= 1970 Dissolution Honours =

British government recognitions

The 1970 Dissolution Honours List was issued on 2 June 1970 to mark the dissolution of the United Kingdom parliament prior to the 1970 general election.

The recipients of honours are displayed here as they were styled before their new honour.

==Life Peers==
===Baronesses===
- Rt Hon. Priscilla Jean Fortescue, Baroness Tweedsmuir, Member of Parliament for South Aberdeen, 1946-66. Parliamentary Under-Secretary of State, Scottish Office, 1962-64.

===Barons===
- Rt Hon. Evelyn Nigel Chetwode Birch , Member of Parliament for Flintshire, 1945–50 and for West Flintshire, 1950-70. Parliamentary Under-Secretary of State, Air Ministry, 1951–52; Parliamentary Secretary, Ministry of Defence, 1952–54; Minister of Works, 1954-55; Secretary of State for Air, 1955–57; Economic Secretary to the Treasury, 1957-58.
- Rt Hon. Sir Edward Charles Gurney Boyle , Member of Parliament for the Handsworth Division of Birmingham, 1950-70. Parliamentary Secretary, Ministry of Supply, 1954–55; Economic Secretary to the Treasury, 1955–56; Parliamentary Secretary, Ministry of Education, 1957–59; Financial Secretary to the Treasury, 1959–62; Minister of Education, 1962–64; Minister of State, Department of Education and Science, 1964.
- Rt Hon.
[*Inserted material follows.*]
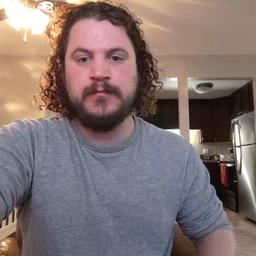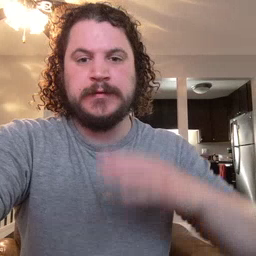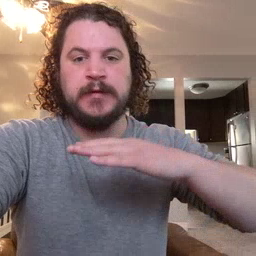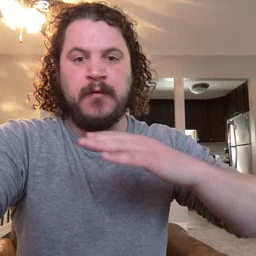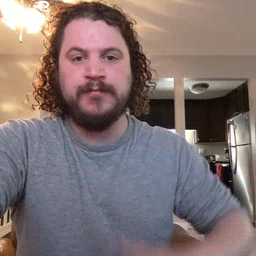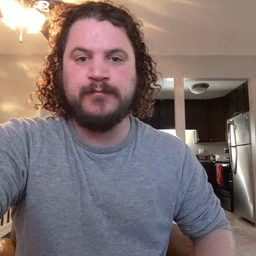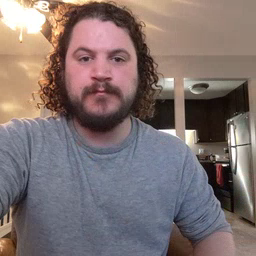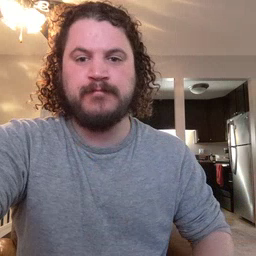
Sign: table

Sir Eric George Molyneux Fletcher, Member of Parliament for East Islington, 1945-70. Minister without Portfolio, 1964–66; Chairman of Ways and Means and Deputy Speaker, 1966-68.
- Rt Hon. James Hutchison Hoy , Member of Parliament for Leith, 1945–50 and for the Leith Division of Edinburgh, 1950-70. Parliamentary Secretary, Ministry of Agriculture, Fisheries and Food since October 1964.
- Sir Barnett Janner, Member of Parliament for West Leicester, 1945–50 and for the North West Division of Leicester, 1950-70.
- Rt Hon. Sir John Kenyon Vaughan-Morgan , Member of Parliament for the Reigate Division of Surrey, 1950-70. Parliamentary Secretary, Ministry of Health, 1957; Minister of State, Board of Trade, 1957-59.
- Rt Hon. Emanuel Shinwell , Member of Parliament for Linlithgow, 1922–24 and 1928–31, for the Seaham Division of Durham, 1935–50 and for Easington, 1950-70. Parliamentary Secretary, Department of Mines, 1924 and 1930–31; Financial Secretary, War Office, 1929–30; Minister of Fuel and Power, 1945–47; Secretary of State for War, 1947–50; Minister of Defence, 1950-51.
- Joseph Slater , Member of Parliament for the Sedgefield Division of Durham, 1950-70. Assistant Postmaster General, 1964–69; Parliamentary Secretary, Ministry of Posts and Telecommunications, 1969.